まず、"Mechanically Extended Man"(機械的に拡張された人間)。例えば義足や眼鏡のようなものを意味し、これは共生ではないとしている。しかし、現在的な意味で読み解くとまさにサイボーグやAR(Augmented reality)が"Mechanically Extended Man"に相当するだろう。もしかすると"Digitally Extended Man"かもしれないが。今後は、Licklider的な共生関係と同等(以上)に重要な人間とコンピュータとの関係となるのでないだろうか。

もうひとつが "Humanly Extended Machines”(人間によって拡張された機械)。Lickliderはオートメーション工場に人間がオペレータとして参加している例をあげて、これも共生ではないとしている。しかし、最近の研究で、たとえば監視システムを見ている人間の脳活動情報を使って画像処理システムの機能を向上させようとか、写真のタグ付け処理などにも人間の脳を使っちゃえみたいな試みがあるが、これらは「人間によって拡張された機械」に相当するのではないだろうか。また、Humanly Extended Machinesがさらにネットでつながる可能性がある。Amazon Mechanical Turkなどのように。あるいはもっと非明示的だが、人類からの検索要求を黙々と食べて成長しているgoogle検索エンジンも人間によって拡張され(得る)機械かもしれない。拡大解釈してしまえば、recommendation engineなど、集合知的な振る舞いをするネットサービスはすべからくHumanly Extended Machinesであると言うこともできるのではないか。

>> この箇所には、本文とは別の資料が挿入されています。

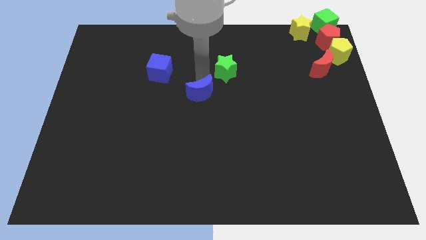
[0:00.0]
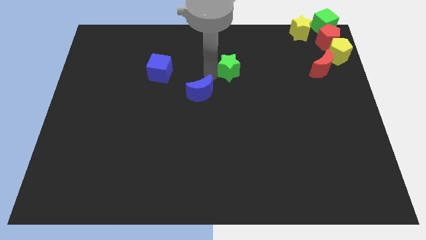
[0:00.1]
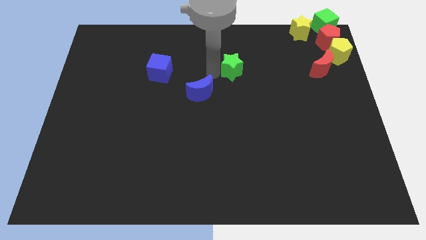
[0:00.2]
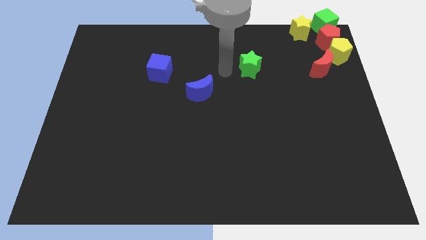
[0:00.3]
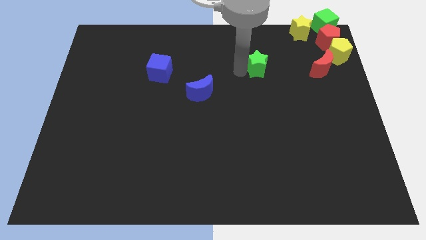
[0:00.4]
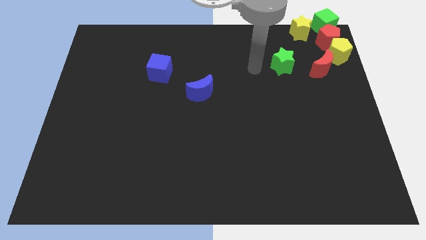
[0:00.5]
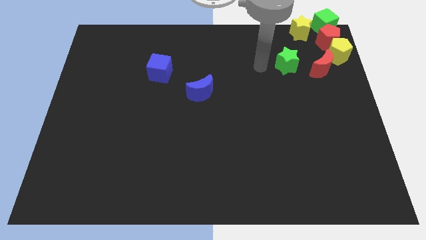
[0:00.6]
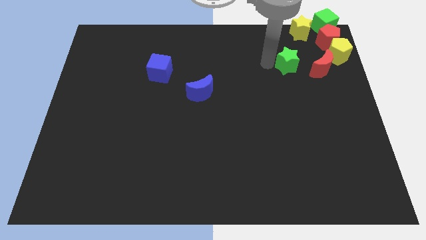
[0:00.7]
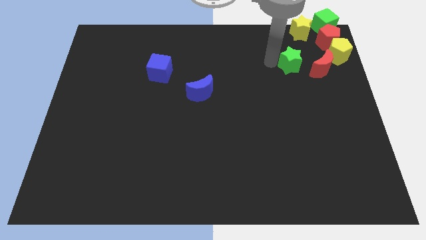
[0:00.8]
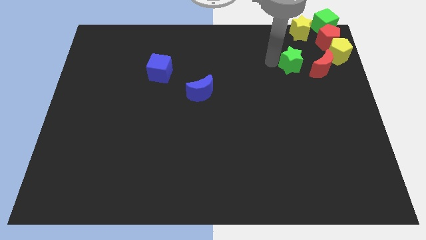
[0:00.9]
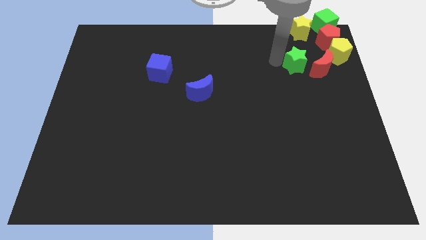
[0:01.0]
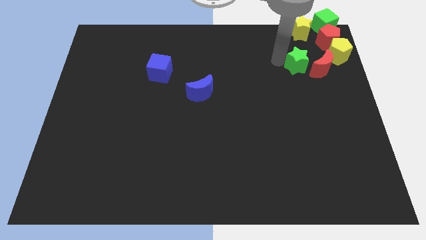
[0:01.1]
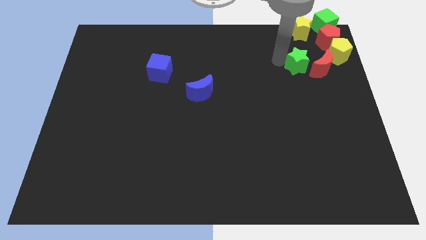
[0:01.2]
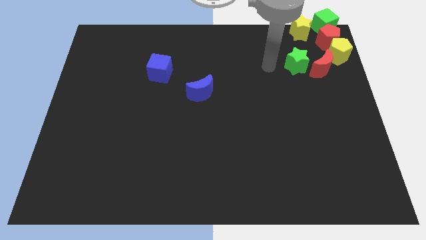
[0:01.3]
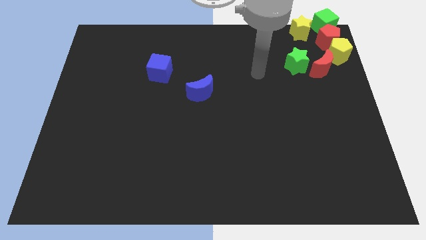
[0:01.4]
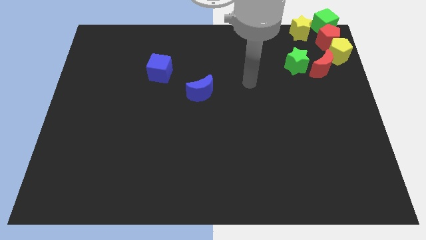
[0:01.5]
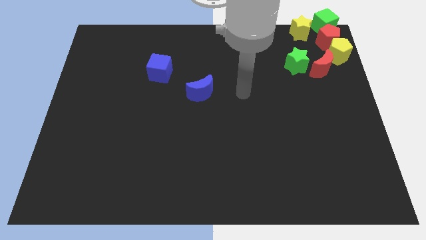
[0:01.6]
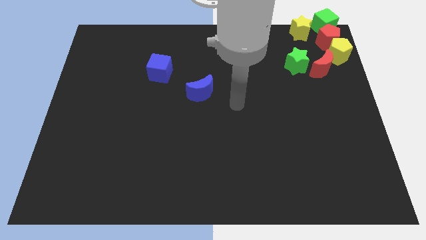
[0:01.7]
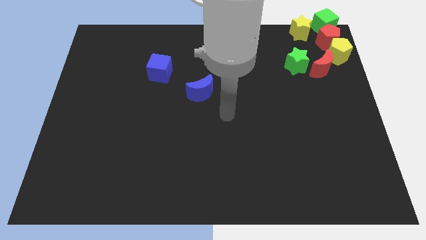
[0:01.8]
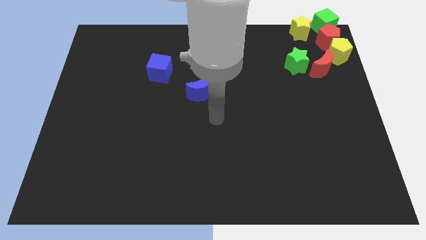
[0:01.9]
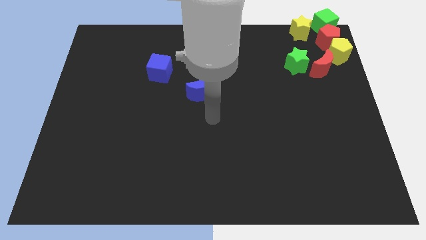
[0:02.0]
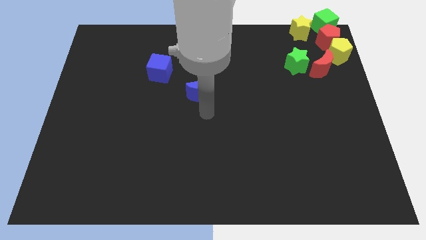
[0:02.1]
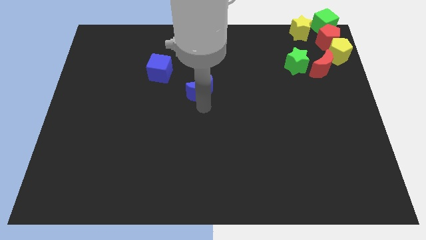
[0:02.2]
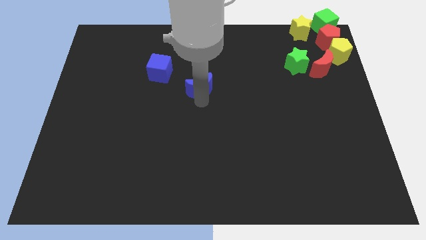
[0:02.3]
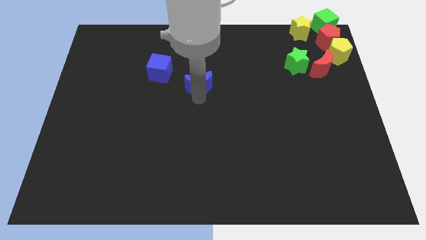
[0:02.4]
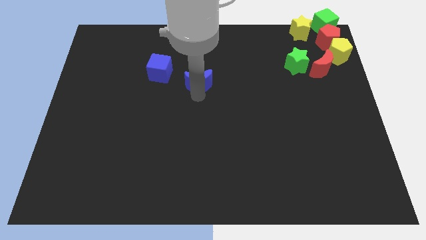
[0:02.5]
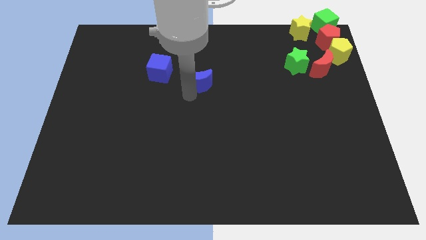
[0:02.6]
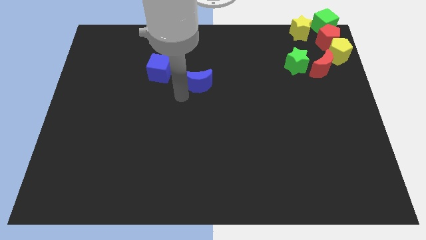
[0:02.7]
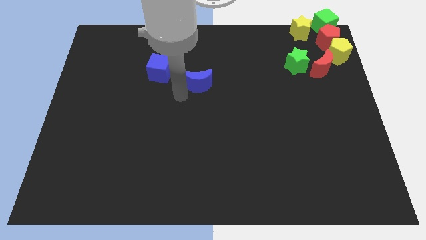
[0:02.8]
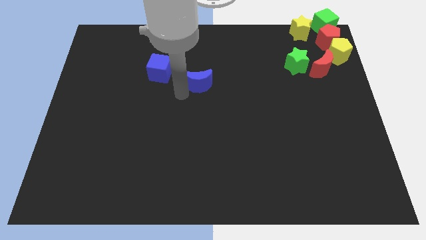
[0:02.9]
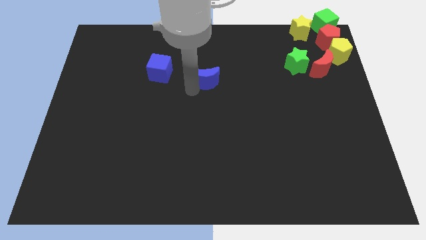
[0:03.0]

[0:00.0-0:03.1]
separate green star and blue crescent from each other

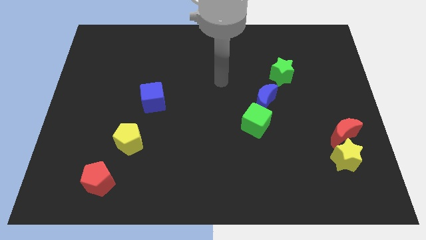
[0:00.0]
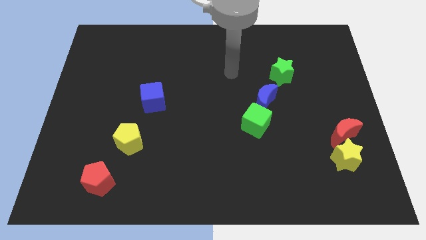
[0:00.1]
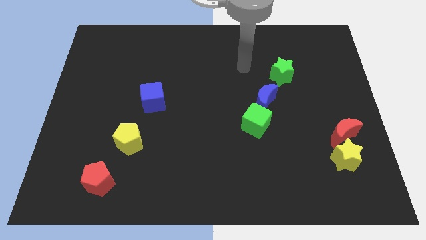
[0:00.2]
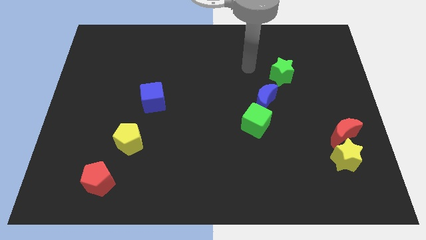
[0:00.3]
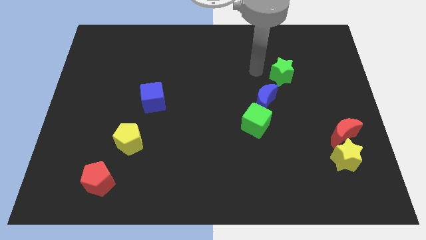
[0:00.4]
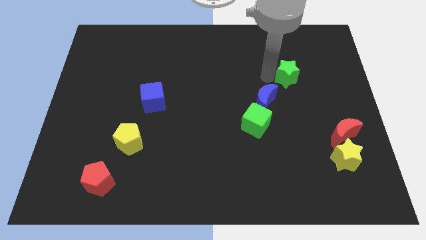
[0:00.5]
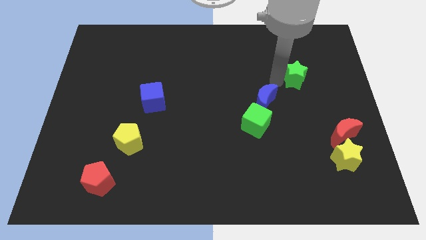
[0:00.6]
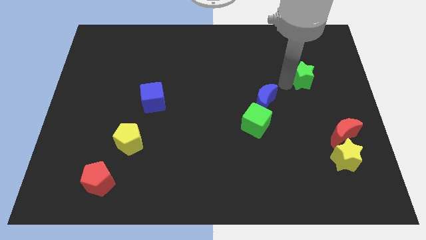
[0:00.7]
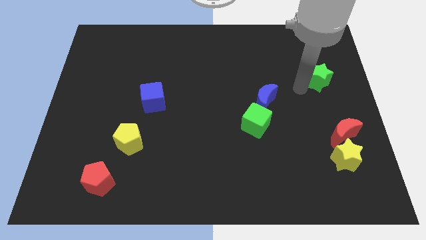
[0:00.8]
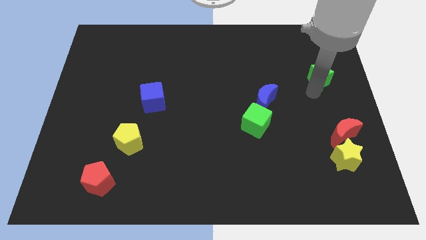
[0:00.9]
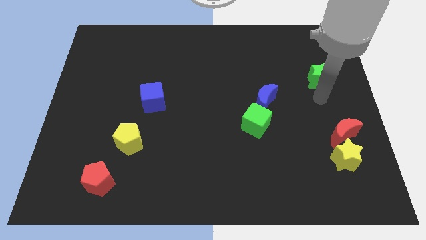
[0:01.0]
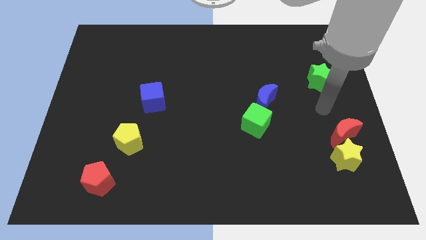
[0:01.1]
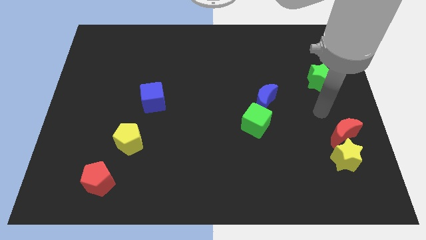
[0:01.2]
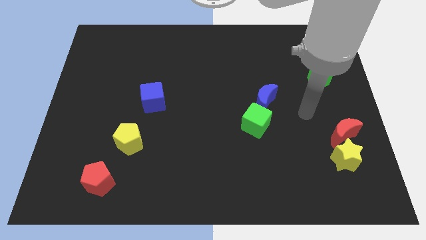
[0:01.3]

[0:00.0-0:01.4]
place the green star above the red crescent

もう一点、これも前回読んでいたときには印象に残っていなかったのだが、Lickliderは"机型ディスプレイ""壁型ディスプレイ"の可能性についても言及している。

たとえば、

Desk-Surface Display and Control: Certainly, for effective man-computer interaction, it will be necessary for the man and the computer to draw graphs and pictures and to write notes and equations to each other on the same display surface.

とか、

Computer-Posted Wall Display: In some technological systems, several men share responsibility for controlling vehicles whose behaviors interact. Some information must be presented simultaneously to all the men, preferably on a common grid, to coordinate their actions.

とかいったように。まさに(最近大はやりの)"surface computing"を半世紀近く前に予見していることになる。当時、まだコンピュータの出力形態は紙が主流だったことを考えるとこれも相当に先進的な発想だろう。

LickliderやBushの論文は、パソコン黎明期に一度再評価ブームがあって邦訳(以下)とかも出ていたが、そこからさらに時代を経た今の感覚で読み解いてみるとまたいろいろ発見がある。機会があればじっくりと読んでみることをおすすめします。と同時に、では今から48年後の2056年に読み返されたときに、「先見性があった」と言われる発想って何なのだろうと思うと気が遠くなる思いだ。